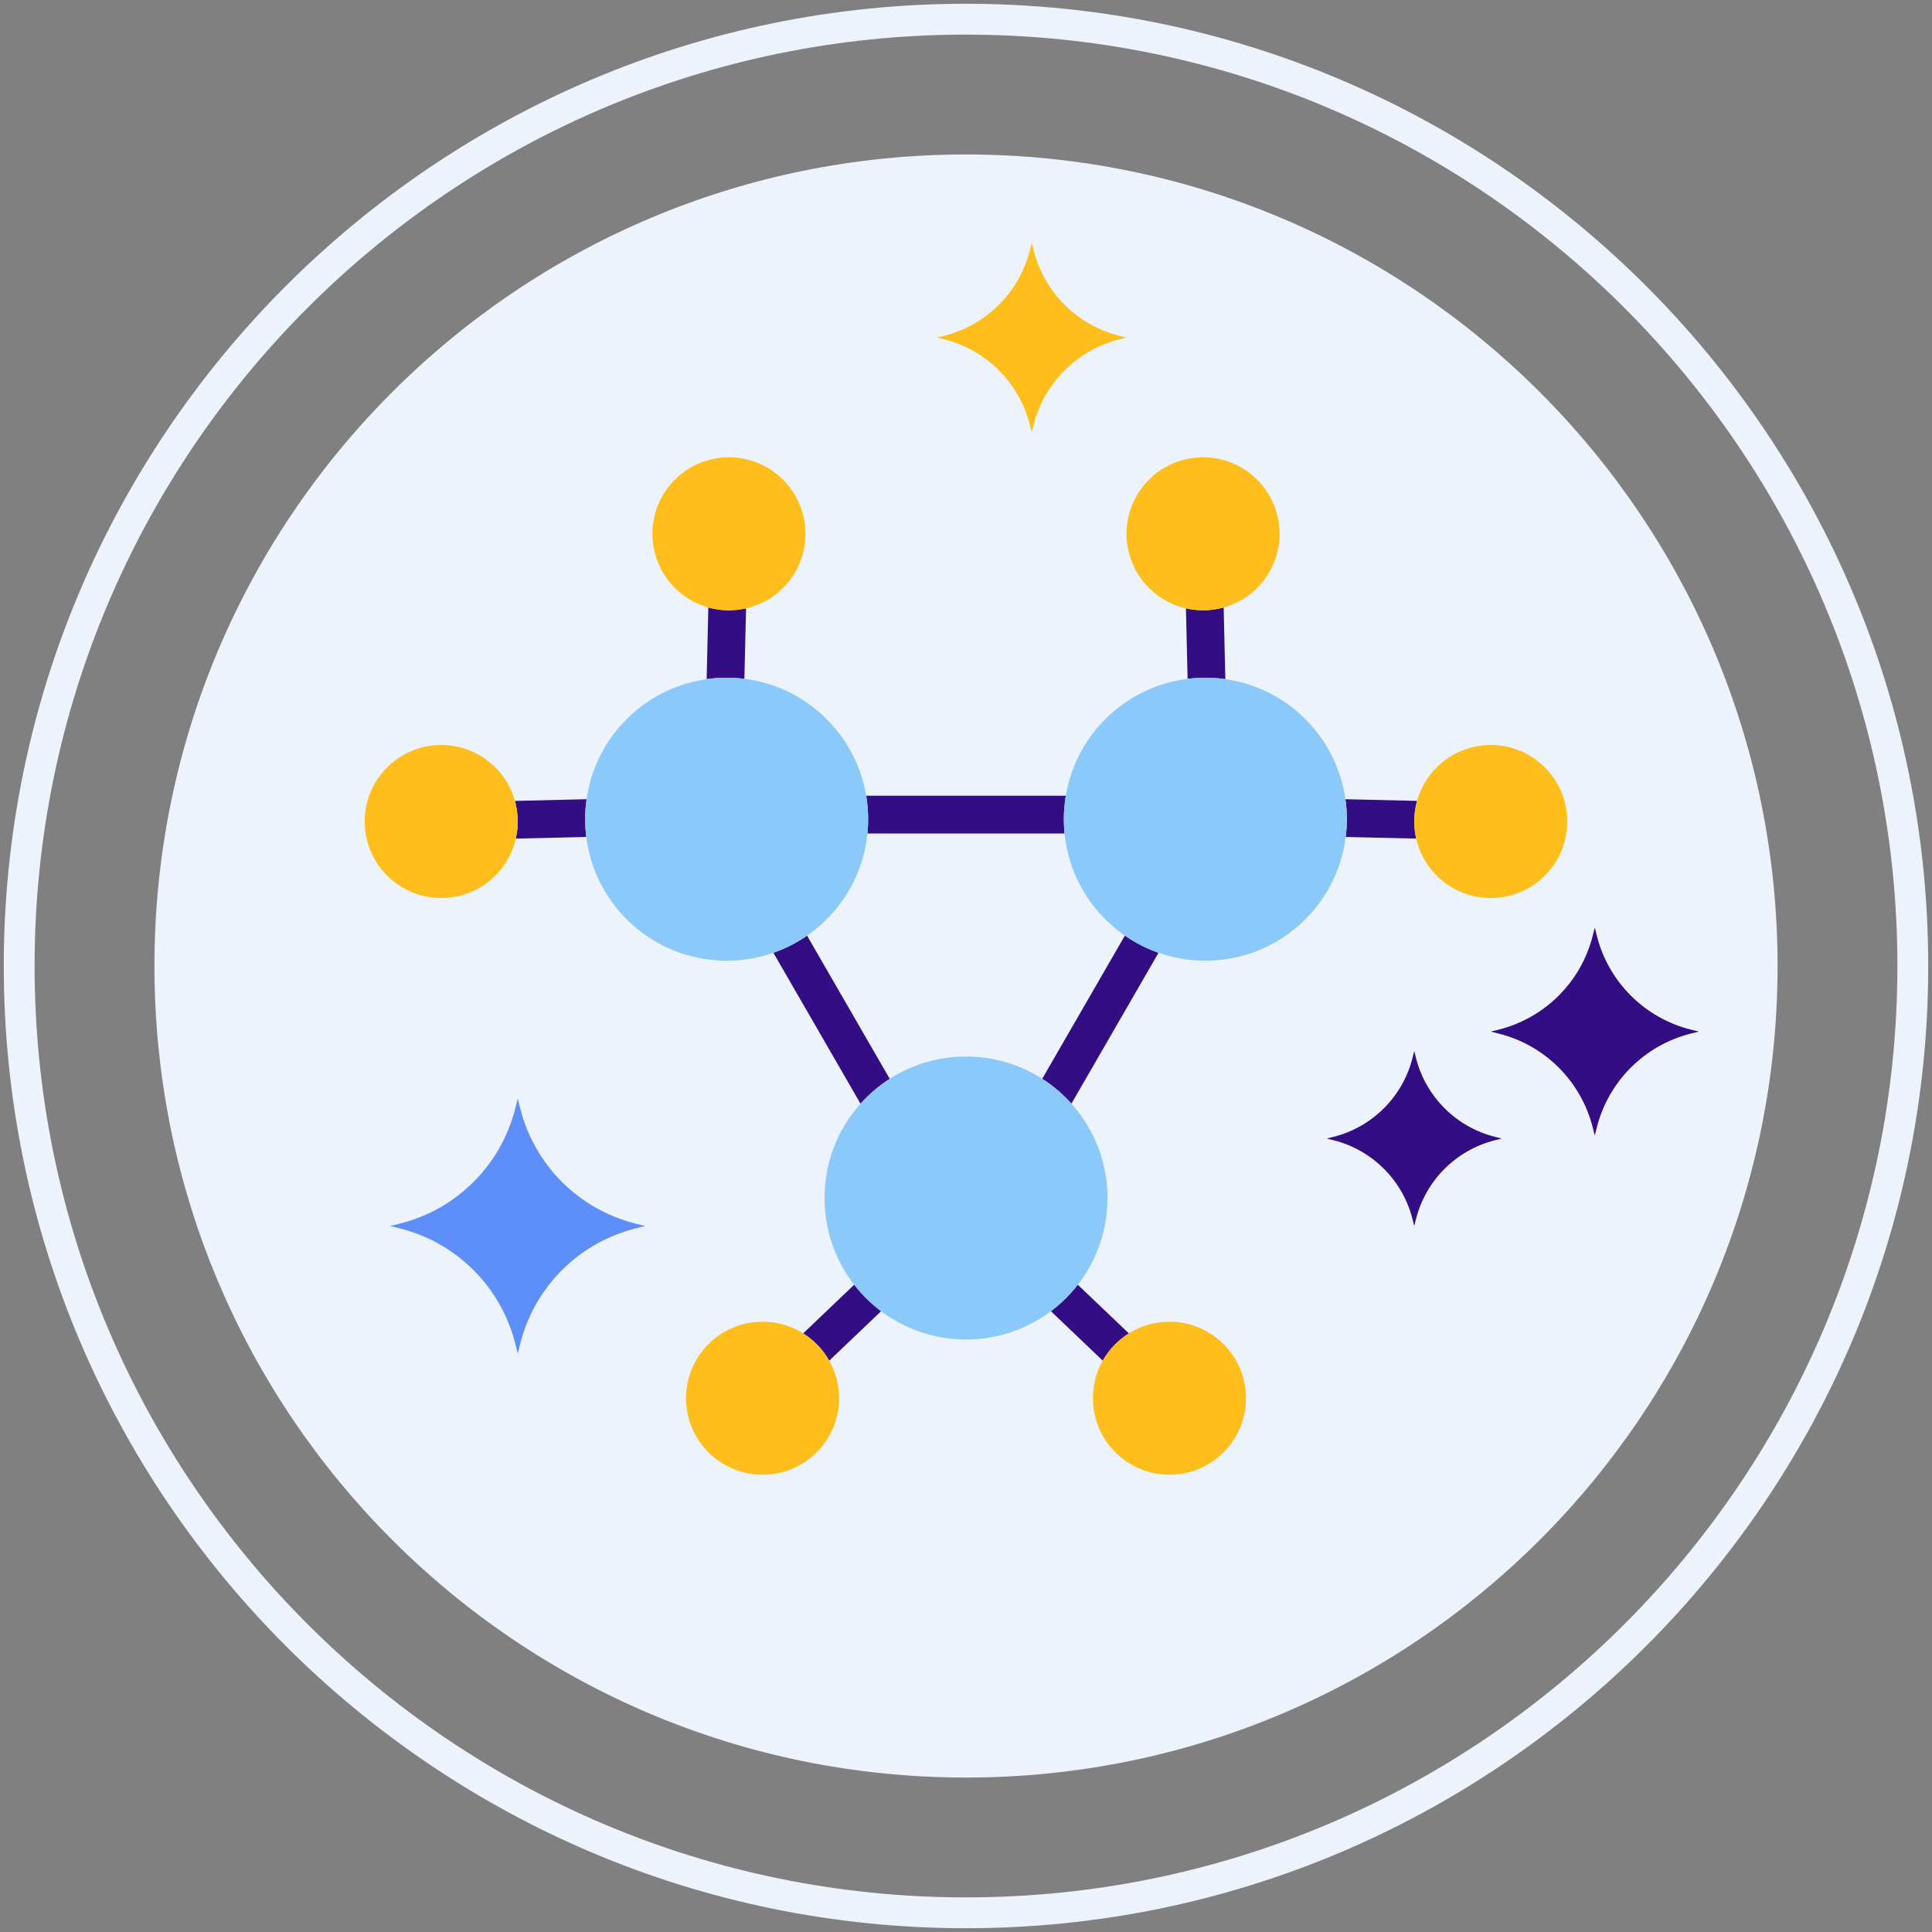 <?xml version="1.0" encoding="utf-8"?>
<!-- Generator: Adobe Illustrator 22.0.1, SVG Export Plug-In . SVG Version: 6.00 Build 0)  -->
<svg version="1.1" id="Layer_1" xmlns="http://www.w3.org/2000/svg" xmlns:xlink="http://www.w3.org/1999/xlink" x="0px" y="0px"
	 viewBox="0 0 512 512" style="enable-background:new 0 0 512 512;" xml:space="preserve">
<rect x="0" y="0" width="512" height="512" fill="#808080" stroke="none"/>
<style type="text/css">
	.st0{fill:#EDF3FC;}
	.st1{fill:#330D84;}
	.st2{fill:#FFBE1B;}
	.st3{fill:#5D8EF9;}
	.st4{fill:#FFE37B;}
	.st5{fill:#8AC9F9;}
	.st6{fill:#6857E5;}
	.st7{fill:#FFFFFF;}
	.st8{fill:#D5EBF7;}
	.st9{fill:#5932AE;}
	.st10{fill:#CECAFF;}
	.st11{fill:#FFCA45;}
	.st12{fill:#FFD45C;}
	.st13{fill:#8C7BFD;}
	.st14{fill:#6DC5F2;}
	.st15{fill:#3B2296;}
	.st16{fill:#EFAB11;}
</style>
<g>
	<g>
		<g>
			<path class="st0" d="M255.998,40.935C137.225,40.935,40.93,137.227,40.93,256c0,118.781,96.295,215.069,215.068,215.069
				c118.783,0,215.075-96.288,215.075-215.069C471.073,137.227,374.781,40.935,255.998,40.935z"/>
		</g>
	</g>
	<g>
		<g>
			<path class="st0" d="M255.998,1C115.391,1,1,115.394,1,256s114.391,255,254.998,255C396.607,511,511,396.606,511,256
				S396.607,1,255.998,1z M255.998,502.827C119.896,502.827,9.169,392.102,9.169,256S119.896,9.173,255.998,9.173
				c136.104,0,246.833,110.726,246.833,246.827S392.102,502.827,255.998,502.827z"/>
		</g>
	</g>
	<g>
		<g>
			<path class="st1" d="M396.213,301.281c-10.327-2.586-18.395-10.656-20.982-20.98l-0.441-1.765l-0.44,1.765
				c-2.59,10.323-10.657,18.394-20.981,20.98l-1.766,0.445l1.766,0.441c10.324,2.586,18.392,10.652,20.981,20.977l0.44,1.766
				l0.441-1.766c2.588-10.324,10.655-18.391,20.982-20.977l1.765-0.441L396.213,301.281z"/>
		</g>
	</g>
	<g>
		<g>
			<path class="st2" d="M296.637,88.979c-11.195-2.802-19.932-11.539-22.732-22.727l-0.478-1.908l-0.482,1.908
				c-2.801,11.188-11.536,19.925-22.73,22.727l-1.905,0.482l1.905,0.471c11.193,2.808,19.928,11.545,22.73,22.738l0.482,1.901
				l0.478-1.901c2.8-11.193,11.538-19.931,22.732-22.738l1.905-0.471L296.637,88.979z"/>
		</g>
	</g>
	<g>
		<g>
			<path class="st3" d="M168.436,324.266c-15.059-3.766-26.814-15.523-30.584-30.571l-0.64-2.567l-0.651,2.567
				c-3.768,15.048-15.52,26.806-30.576,30.571l-2.563,0.65l2.563,0.631c15.057,3.775,26.808,15.533,30.576,30.592l0.651,2.557
				l0.64-2.557c3.769-15.059,15.525-26.816,30.584-30.592l2.561-0.631L168.436,324.266z"/>
		</g>
	</g>
	<g>
		<g>
			<path class="st1" d="M448.105,272.861c-12.28-3.077-21.869-12.667-24.948-24.945l-0.521-2.094l-0.531,2.094
				c-3.076,12.278-12.661,21.868-24.941,24.945l-2.092,0.525l2.092,0.525c12.28,3.073,21.865,12.659,24.941,24.944l0.531,2.095
				l0.521-2.095c3.079-12.285,12.668-21.871,24.948-24.944l2.097-0.525L448.105,272.861z"/>
		</g>
	</g>
	<g>
		<g>
			<path class="st1" d="M155.448,211.8l-18.997,0.446c0.91,3.263,0.979,6.703,0.226,9.998l18.699-0.439
				C154.957,218.482,154.977,215.116,155.448,211.8z"/>
		</g>
	</g>
	<g>
		<g>
			<path class="st1" d="M187.716,160.981l-0.446,18.997c3.316-0.472,6.682-0.49,10.004-0.073l0.439-18.696
				C194.418,161.962,190.979,161.892,187.716,160.981z"/>
		</g>
	</g>
	<g>
		<g>
			<path class="st1" d="M282.456,210.882h-52.912c0.553,3.306,0.668,6.671,0.333,10h52.246
				C281.788,217.553,281.903,214.188,282.456,210.882z"/>
		</g>
	</g>
	<g>
		<g>
			<path class="st1" d="M324.283,160.981c-3.263,0.91-6.703,0.98-9.997,0.228l0.439,18.696c3.322-0.417,6.688-0.398,10.004,0.073
				L324.283,160.981z"/>
		</g>
	</g>
	<g>
		<g>
			<path class="st1" d="M375.549,212.246l-18.997-0.447c0.471,3.317,0.49,6.684,0.072,10.006l18.699,0.439
				C374.569,218.949,374.639,215.509,375.549,212.246z"/>
		</g>
	</g>
	<g>
		<g>
			<path class="st1" d="M298.107,247.941l-21.912,37.953c2.872,1.84,5.479,4.056,7.745,6.586l23.084-39.982
				C303.904,251.407,300.906,249.881,298.107,247.941z"/>
		</g>
	</g>
	<g>
		<g>
			<path class="st1" d="M213.878,247.951c-2.8,1.939-5.799,3.463-8.919,4.553l23.088,39.989c2.265-2.531,4.871-4.749,7.742-6.59
				L213.878,247.951z"/>
		</g>
	</g>
	<g>
		<g>
			<path class="st1" d="M226.372,340.46l-13.532,12.911c2.862,1.797,5.245,4.278,6.909,7.229l13.748-13.116
				C230.819,345.472,228.426,343.104,226.372,340.46z"/>
		</g>
	</g>
	<g>
		<g>
			<path class="st1" d="M285.627,340.46c-2.054,2.645-4.447,5.012-7.125,7.023l13.747,13.115c1.664-2.949,4.047-5.431,6.91-7.229
				L285.627,340.46z"/>
		</g>
	</g>
	<g>
		<g>
			<path class="st2" d="M309.915,350.262c-11.202,0-20.28,9.079-20.28,20.281c0,11.202,9.078,20.277,20.28,20.277
				c11.201,0,20.28-9.075,20.28-20.277C330.195,359.341,321.116,350.262,309.915,350.262z"/>
		</g>
	</g>
	<g>
		<g>
			<path class="st2" d="M202.084,350.262c-11.201,0-20.28,9.079-20.28,20.281c0,11.202,9.079,20.277,20.28,20.277
				c11.202,0,20.28-9.075,20.28-20.277C222.364,359.341,213.286,350.262,202.084,350.262z"/>
		</g>
	</g>
	<g>
		<g>
			<path class="st5" d="M256,279.985c-20.713,0-37.5,16.788-37.5,37.499c0,20.715,16.787,37.497,37.5,37.497
				c20.711,0,37.5-16.782,37.5-37.497C293.5,296.773,276.711,279.985,256,279.985z"/>
		</g>
	</g>
	<g>
		<g>
			<path class="st2" d="M207.518,127.12c-7.922-7.922-20.759-7.919-28.68,0.001c-7.921,7.923-7.923,20.758-0.001,28.68
				c7.92,7.92,20.759,7.921,28.681,0C215.438,147.88,215.438,135.04,207.518,127.12z"/>
		</g>
	</g>
	<g>
		<g>
			<path class="st2" d="M131.27,203.367c-7.922-7.922-20.759-7.92-28.68,0.001c-7.92,7.921-7.923,20.759-0.001,28.68
				c7.92,7.92,20.76,7.92,28.681,0C139.19,224.127,139.189,211.287,131.27,203.367z"/>
		</g>
	</g>
	<g>
		<g>
			<path class="st5" d="M219.087,190.586c-14.647-14.648-38.385-14.644-53.03,0.002c-14.645,14.645-14.649,38.382-0.002,53.028
				c14.646,14.645,38.386,14.646,53.033,0C233.731,228.972,233.733,205.23,219.087,190.586z"/>
		</g>
	</g>
	<g>
		<g>
			<path class="st2" d="M333.161,127.121c-7.92-7.92-20.757-7.923-28.679-0.001c-7.921,7.92-7.921,20.76,0,28.681
				s20.76,7.92,28.681,0C341.085,147.879,341.083,135.044,333.161,127.121z"/>
		</g>
	</g>
	<g>
		<g>
			<path class="st2" d="M409.409,203.368c-7.921-7.921-20.757-7.923-28.679-0.001c-7.921,7.92-7.921,20.76,0,28.681
				c7.92,7.92,20.76,7.92,28.681,0C417.333,224.127,417.33,211.289,409.409,203.368z"/>
		</g>
	</g>
	<g>
		<g>
			<path class="st5" d="M345.943,190.588c-14.646-14.646-38.383-14.65-53.03-0.002c-14.646,14.644-14.645,38.386,0,53.03
				c14.646,14.646,38.386,14.645,53.032,0C360.592,228.97,360.589,205.232,345.943,190.588z"/>
		</g>
	</g>
</g>
</svg>

★ ★ ★ ★ ★ ★ ★

WHAT IS REQUIRED: Copy every line in the listing above where the string "style" turns up.

RESULT:
	 viewBox="0 0 512 512" style="enable-background:new 0 0 512 512;" xml:space="preserve">
<style type="text/css">
</style>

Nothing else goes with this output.